Following the release of our Notice of Meeting and Remuneration Report we have held a number of discussions with shareholders and proxy advisers and I am pleased to say there has been broad support for our new remuneration framework. Shareholder engagement and transparency of communication is an objective of the Board and, as this year marks the launch of our new remuneration framework, I wanted to make sure all shareholders had the benefit of clarifications we have provided on a few points during the course of these discussions.
First, a note on proxy advisers. In Australia, a number of large investors purchase reports from proxy advisers to assist them in deciding how to vote in relation to the large number of resolutions to be considered at ASX-listed company AGMs each year. Proxy advisers assess the resolutions, normally against a standard set of guidelines the proxy advisers have developed, and make a recommendation whether to vote in favour of or against each resolution. As far as we are aware, all proxy advisers have recommended voting ‘in favour’ of our remuneration proposals at this year’s AGM. The proxy advisers also provide additional commentary and opinion for shareholders who buy their research to consider. In many cases the commentary notes variances of Ansell practice to standard guidelines which do not take account of the specific’s of the Ansell business and the factors the Board considers in setting our remuneration framework.
`In that light, I would like to provide some additional clarification for you, our shareholders on the following:
How do we set remuneration?
Ansell, while ASX-listed, generally operates outside of Australia and none of our Executive Leadership Team is resident in Australia. In order to attract and to keep good people, we need to pay our executives remuneration packages that are competitive in the regions in which they live and work.

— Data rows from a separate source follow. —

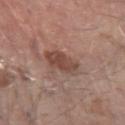• notes: imaged on a skin check; not biopsied
• anatomic site: the left forearm
• patient: male, aged 68–72
• image: ~15 mm crop, total-body skin-cancer survey
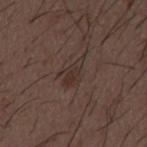No biopsy was performed on this lesion — it was imaged during a full skin examination and was not determined to be concerning.
The subject is a male in their 50s.
A 15 mm close-up tile from a total-body photography series done for melanoma screening.
Imaged with white-light lighting.
Approximately 3.5 mm at its widest.
Automated image analysis of the tile measured a border-irregularity index near 3.5/10, internal color variation of about 2 on a 0–10 scale, and radial color variation of about 0.5.
The lesion is on the mid back.
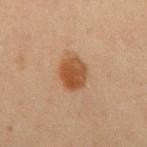Imaged during a routine full-body skin examination; the lesion was not biopsied and no histopathology is available.
The patient is a male aged 58–62.
The tile uses cross-polarized illumination.
From the right upper arm.
About 4 mm across.
A roughly 15 mm field-of-view crop from a total-body skin photograph.
The lesion-visualizer software estimated a lesion color around L≈41 a*≈19 b*≈31 in CIELAB, roughly 10 lightness units darker than nearby skin, and a normalized lesion–skin contrast near 9. The software also gave internal color variation of about 3.5 on a 0–10 scale. The analysis additionally found an automated nevus-likeness rating near 100 out of 100 and a detector confidence of about 100 out of 100 that the crop contains a lesion.
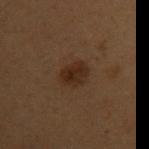Q: Is there a histopathology result?
A: total-body-photography surveillance lesion; no biopsy
Q: Lesion location?
A: the left upper arm
Q: What did automated image analysis measure?
A: an eccentricity of roughly 0.7 and a symmetry-axis asymmetry near 0.15; a classifier nevus-likeness of about 80/100 and a detector confidence of about 100 out of 100 that the crop contains a lesion
Q: Lesion size?
A: ~3 mm (longest diameter)
Q: Patient demographics?
A: female, aged approximately 50
Q: What lighting was used for the tile?
A: cross-polarized illumination
Q: What is the imaging modality?
A: 15 mm crop, total-body photography
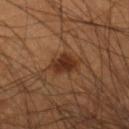Assessment:
The lesion was tiled from a total-body skin photograph and was not biopsied.
Clinical summary:
An algorithmic analysis of the crop reported a lesion area of about 7.5 mm², an eccentricity of roughly 0.8, and two-axis asymmetry of about 0.25. Measured at roughly 4 mm in maximum diameter. The tile uses cross-polarized illumination. Located on the right lower leg. The subject is a male aged 43 to 47. A lesion tile, about 15 mm wide, cut from a 3D total-body photograph.
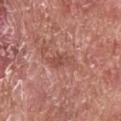The subject is a male aged 63–67. The recorded lesion diameter is about 3.5 mm. Automated tile analysis of the lesion measured an average lesion color of about L≈50 a*≈26 b*≈27 (CIELAB), a lesion–skin lightness drop of about 8, and a normalized lesion–skin contrast near 6. And it measured a border-irregularity index near 3.5/10, a within-lesion color-variation index near 3/10, and peripheral color asymmetry of about 1. And it measured a nevus-likeness score of about 0/100 and a lesion-detection confidence of about 100/100. Located on the back. A close-up tile cropped from a whole-body skin photograph, about 15 mm across. Imaged with white-light lighting.
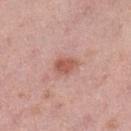subject: female, aged 48 to 52
body site: the left lower leg
image: ~15 mm crop, total-body skin-cancer survey
lesion diameter: ≈2.5 mm
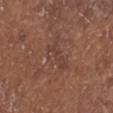follow-up — catalogued during a skin exam; not biopsied
site — the head or neck
image — total-body-photography crop, ~15 mm field of view
illumination — white-light
subject — male, approximately 80 years of age
image-analysis metrics — a footprint of about 5.5 mm² and two-axis asymmetry of about 0.4; a border-irregularity index near 5.5/10 and radial color variation of about 0.5
diameter — ≈4 mm
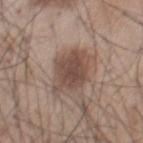biopsy status: imaged on a skin check; not biopsied.

We seek information from external parties to help us set those salaries. We do not use the remuneration of ASX peers who have all, or the vast majority, of their operations and executives in Australia to determine the remuneration of our executives who live and work outside of Australia. Australian remuneration is not
reflective of the labour markets where we are competing for senior talent. Our shareholders should look to our global competitors as a comparison, rather than domestic Australian companies.
We also remind our shareholders that we must pay our people in the currencies of the regions in which they live and work and as a result, we have to translate these amounts into our reporting currencies every year. Some commentators have, in the past, misinterpreted these changes in exchange rates as signifying pay rises (when in fact the underlying amounts we pay our people have not changed).
Why we have chosen to set our incentive targets based on constant currency?
Ansell’s operations occur in many countries and in many currencies. Our investors understand this and invest in Ansell as an international company with its risk/return profile, including exposure to gains and losses on foreign exchange and exposure to the economies of many countries across regions and business lines.
Ansell has, for some time, had a policy on currency hedging which provides us with some protection against currency movements, but also some exposure. The Board does not believe that it is fair, given the way we operate the business, to reward or penalise management for gains or losses on foreign exchange beyond their control or our policy, and which are often accounting gains or losses of translating amounts back to our reporting currency (and not ‘real’ gains or losses).
Management alignment with shareholders comes from their reward being provided in equity, which is now 100% of our long term incentive and up to 50% of our short term incentives. This exposes the value of their rewards to the market’s view of our performance.
Board Discretion and transparency
The Board retains discretion to adjust incentives, both in favour and against management, in appropriate circumstances.
The Board strongly refutes any implication that it is in some way inappropriate for the Board to have or exercise discretion in relation to remuneration issues. Discretion in these types of plans is critical to avoid providing executives with a windfall gain or unfair penalty for things that happen during the relevant performance periods that we consider to be beyond their reasonable control or foresight. We do not intend exercising discretion every time circumstances change. However, the Board feels that the ability to make adjustments is important to make sure executive rewards reflect effort and not just circumstance.
Like all of the powers reposed in the Board by shareholders, we will act in an informed manner exercising our combined judgment in the best interests of Ansell. We are committed to full transparency and we will report on the exercise of our discretion in a timely manner when a relevant event arises.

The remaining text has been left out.